De meeste gelovigen van vandaag hebben net zo goed aanpassing nodig als zij aan wie de Efezebrief werd gericht. Hun leer en ervaring is beperkt tot de leer van onze Heer toen Die nog op Aarde was, of tot Zijn apostelen in het boek Handelingen. Onder de foute indruk dat "de kerk begon op de Pinksterdag," proberen zij de verschillende presentaties te gebruiken die er op volgden om hun belijdenis en praktijken vast te leggen. Anderen gaan verder en vergeten het onderwijs van Paulus' eerdere brieven er bij te betrekken, ondanks de grote verschillen tussen de twee. Hoe weinigen gaan naar Paulus' laatste presentaties en passen zijn eerdere bedieningen aan, die nodig waren voor deze allesoverstijgende waarheden! Dit is de taak van de echte leraar vandaag. Hij moet boven alles een aanpasser zijn.
Hij moet ook een uitdeler zijn. Veel van de leer die we horen slaagt er niet in de genade van God en het kostenloze karakter van Zijn gaven te benadrukken. Hij baat niet een koopjeswinkel uit of een commerciële onderneming, maar Hij heeft een gratis uitdeling. Slechts weinig gelovigen weten wat Hij voor hen heeft. Het is de plicht van de leraar hen in het bezit te brengen van hun rijkdommen in Christus Jezus.

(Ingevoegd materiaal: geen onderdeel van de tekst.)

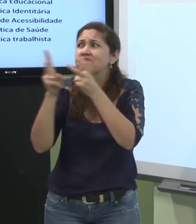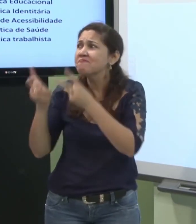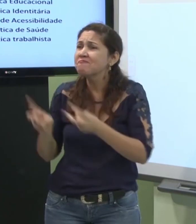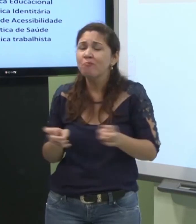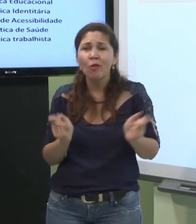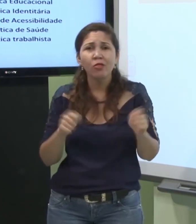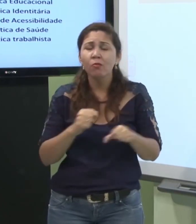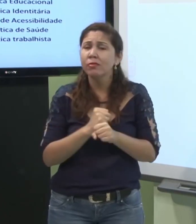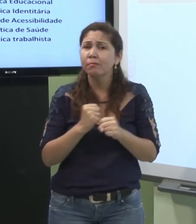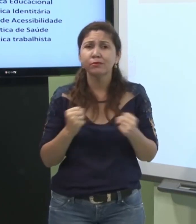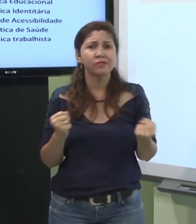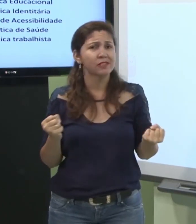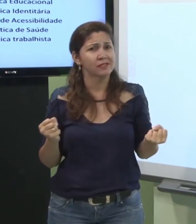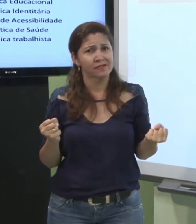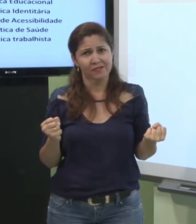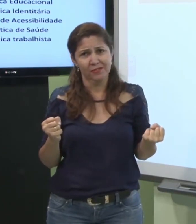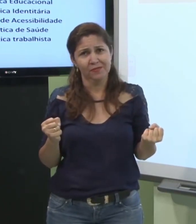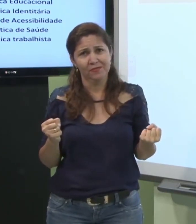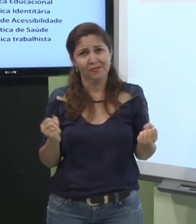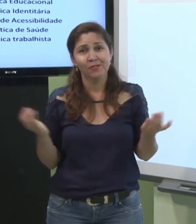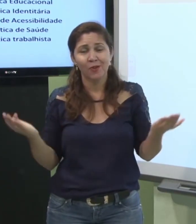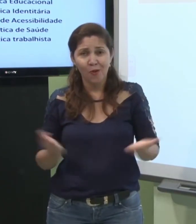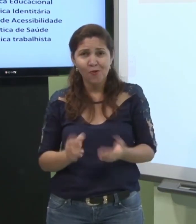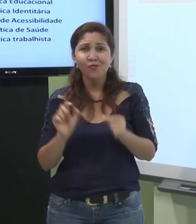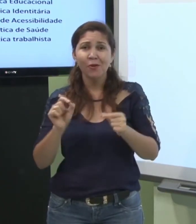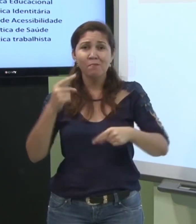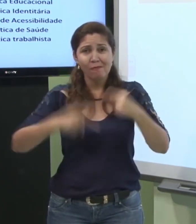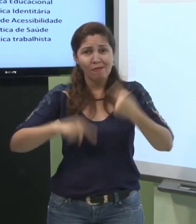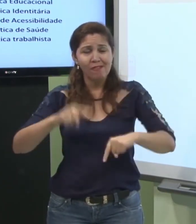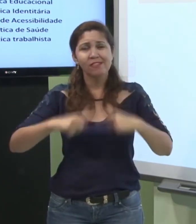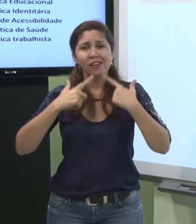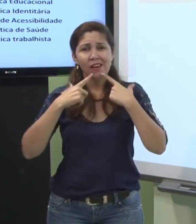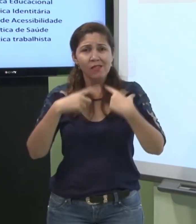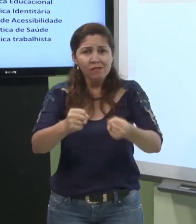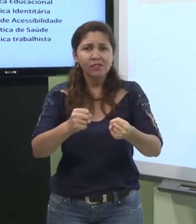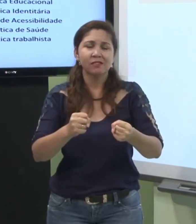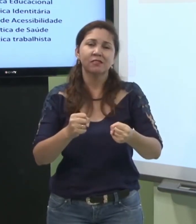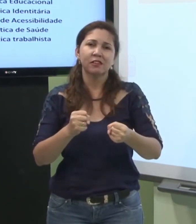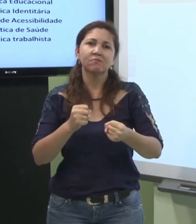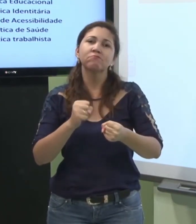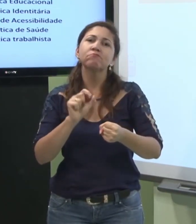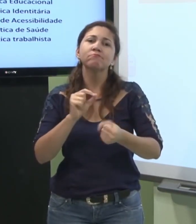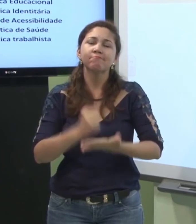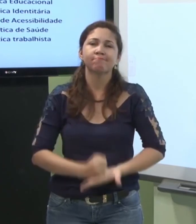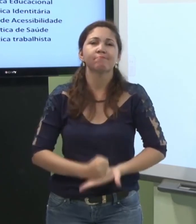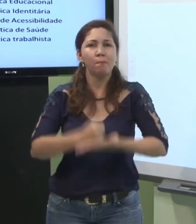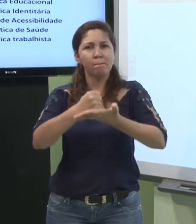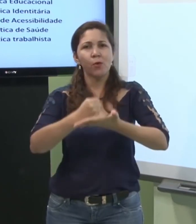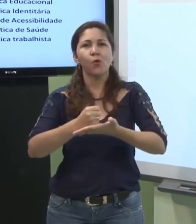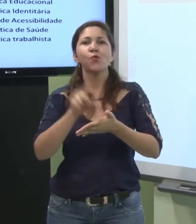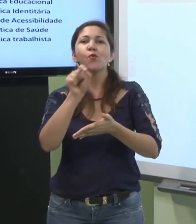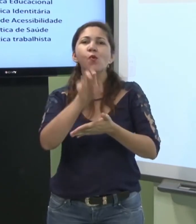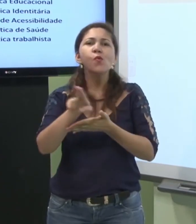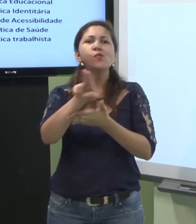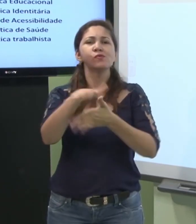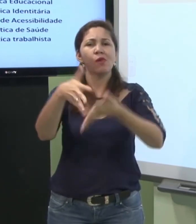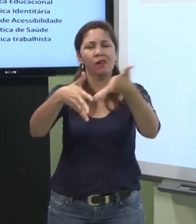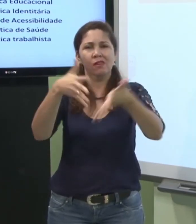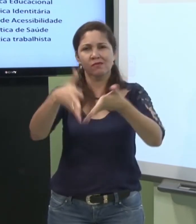os surdos eles não conseguem perceber internalizar nada do mundo se não for mediante a língua de

Hij moet het lichaam van Christus toerusten of opbouwen. Dit is een totaal andere zaak dan het bezig houden van de leden van een kerk of de aanhangers van een denominatie. De leraar die alleen het feit erkent dat er een geestelijk organisme is waartoe alle gelovigen behoren, ongeacht belijdenis or lidmaatschap, voedt of bouwt het lichaam van Christus op. De leraar die dit negeert of vervangt door menselijke organisaties, vernietigt het ene lichaam. Hij die afziet van menselijke verbanden en de nadruk legt op de plaats van de gelovigen in dat schitterende organisme waarvan alleen Christus het Hoofd is, is een God-gegeven geschenk, het werk vervullend van het opbouwen van het lichaam.
Er zijn vele pogingen gedaan om de heiligen te verenigen. De ware basis van zulk een eenheid is het ene geloof dat we vandaag hebben, dat in deze brief uiteen wordt gezet. De oorzaak van de verdeeldheid is de veelvoud aan geloven die voortkomen uit de onwetendheid van deze voleindende onthulling. Als het Gods bedoeling zou zijn ons allemaal één te maken voordat Christus terugkomt, zou Hij waarschijnlijk leraren oproepen om de waarheden van deze bedeling bekend te maken. Dit is de test voor de ideale leraar. Leidt deze boodschap tot de eenheid van allen in Christus? Of verdeelt ze de gelovigen in klassen? En in het bijzonder: vormt ze een speciale, superieure kliek van allen die aan deze leer gehoor geven? Laten we niet vergeten dat, als we allen God geloofden, we in feite net zo één zouden zijn als we zijn in de waarheid.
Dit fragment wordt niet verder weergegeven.